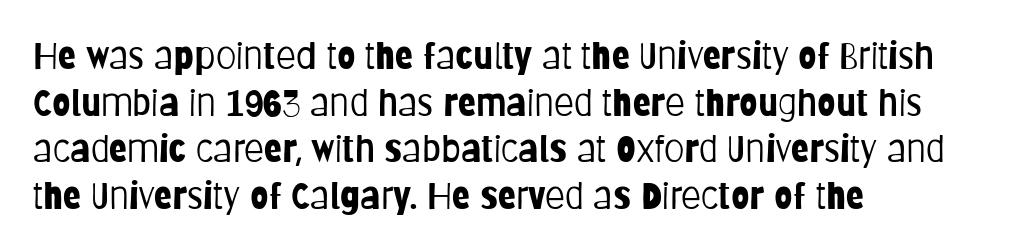
Does the leading feel generous? No, just average. The baseline area is clear. The passage shown is typed in a proportional face where columns would drift. Compared with a centered layout, this one pins lines to the left instead. How are the letters spaced? Ordinarily, with no added tracking. The passage shown is not bold in any degree.
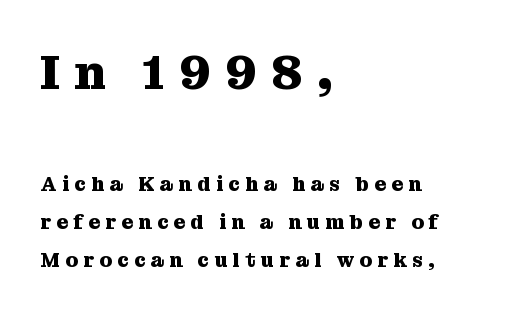
The compositor pushed each line to the left boundary. These lines are rendered in a variable-pitch font. What weight is shown? A full bold with thick strokes. Look at the bottom of the vertical strokes: they flare into serifs here. The line texture is sparse and dotted thanks to wide tracking.
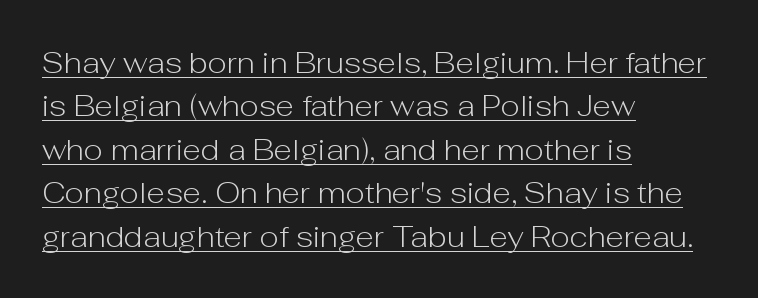
Q: Is the text bold? A: No.
Q: Is the text italic (slanted)? A: No, it is upright.
Q: Is the typeface a serif or a sans-serif typeface? A: Sans-serif.
Q: Is the text underlined? A: Yes.
Q: How is the paragraph aligned? A: Left-aligned.
Q: Is the spacing between letters normal or unusually wide? A: Normal.
Q: Is the spacing between lines tight, normal or loose? A: Normal.
Q: Width (condensed, normal, or wide)? A: Normal.
Q: Stroke contrast? A: Low.
Q: x-height? A: Medium.
Q: Monospaced? A: No.
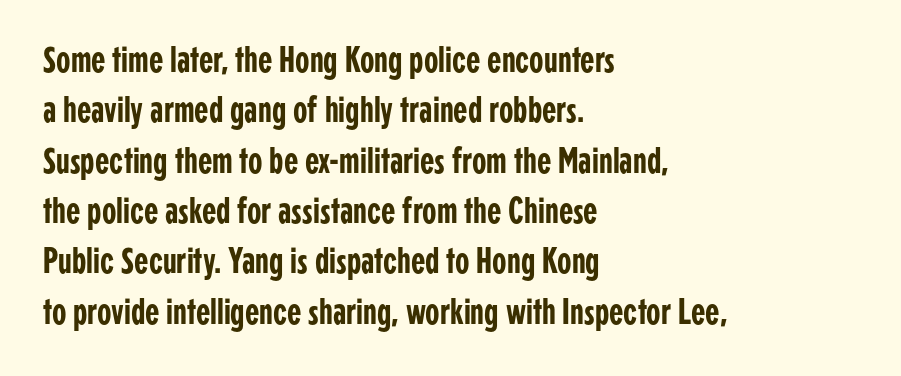
The image shows 37 px condensed sans-serif type, upright; set left-aligned, normal line spacing (1.36x), normal letter spacing, not underlined; low stroke contrast and a medium x-height.
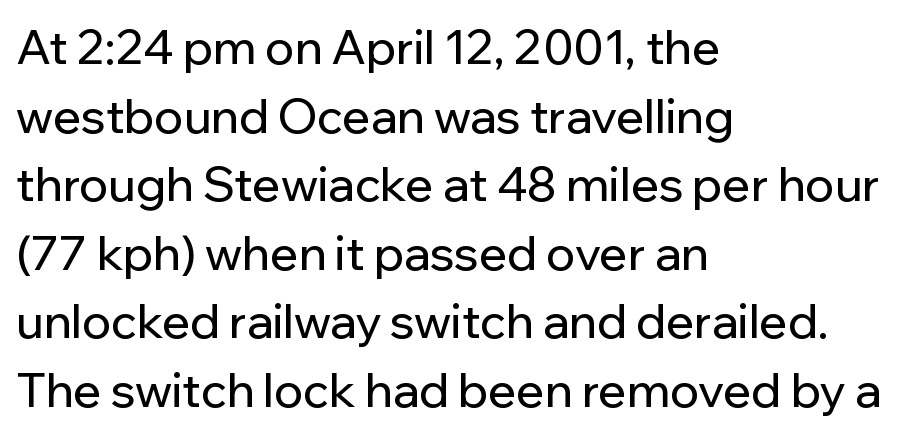
Q: Is the text italic (slanted)? A: No, it is upright.
Q: Is the typeface a serif or a sans-serif typeface? A: Sans-serif.
Q: Is the text underlined? A: No.
Q: How is the paragraph aligned? A: Left-aligned.
Q: Is the spacing between letters normal or unusually wide? A: Normal.
Q: Is the spacing between lines tight, normal or loose? A: Normal.
Q: Width (condensed, normal, or wide)? A: Normal.
Q: Stroke contrast? A: Low.
Q: x-height? A: Medium.
Q: Monospaced? A: No.
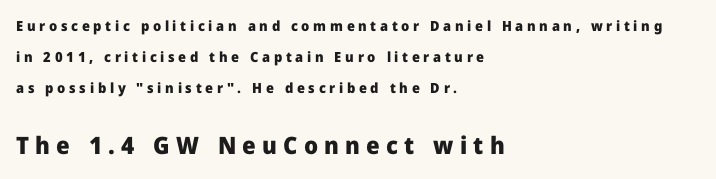
The image shows 24 px bold type, upright; set left-aligned, loose line spacing (2.21x), unusually wide letter spacing (+0.26 em), not underlined; the second (bottom) block is 1.71x larger.
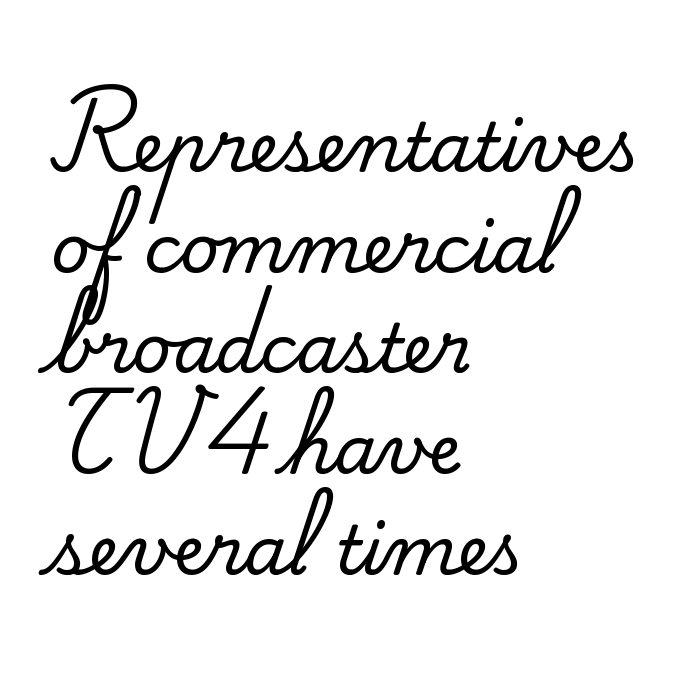
Q: Is the text italic (slanted)? A: Yes.
Q: Is the typeface a serif or a sans-serif typeface? A: Serif.
Q: Is the text underlined? A: No.
Q: How is the paragraph aligned? A: Left-aligned.
Q: Is the spacing between letters normal or unusually wide? A: Normal.
Q: Is the spacing between lines tight, normal or loose? A: Normal.
Q: Width (condensed, normal, or wide)? A: Normal.
Q: Stroke contrast? A: Medium.
Q: x-height? A: Small.
Q: Monospaced? A: No.
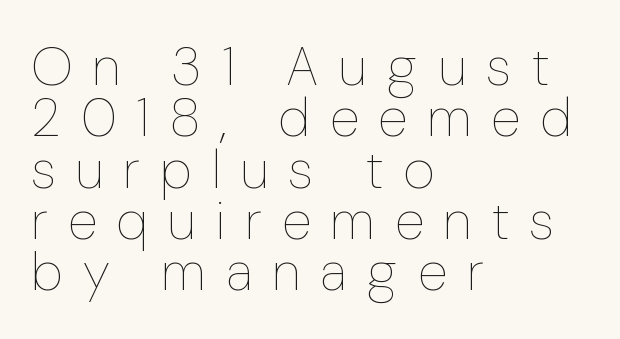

+ + + +

• [Exercise]
Report only the number of lines in the data above that contain "image".

• [Task output]
2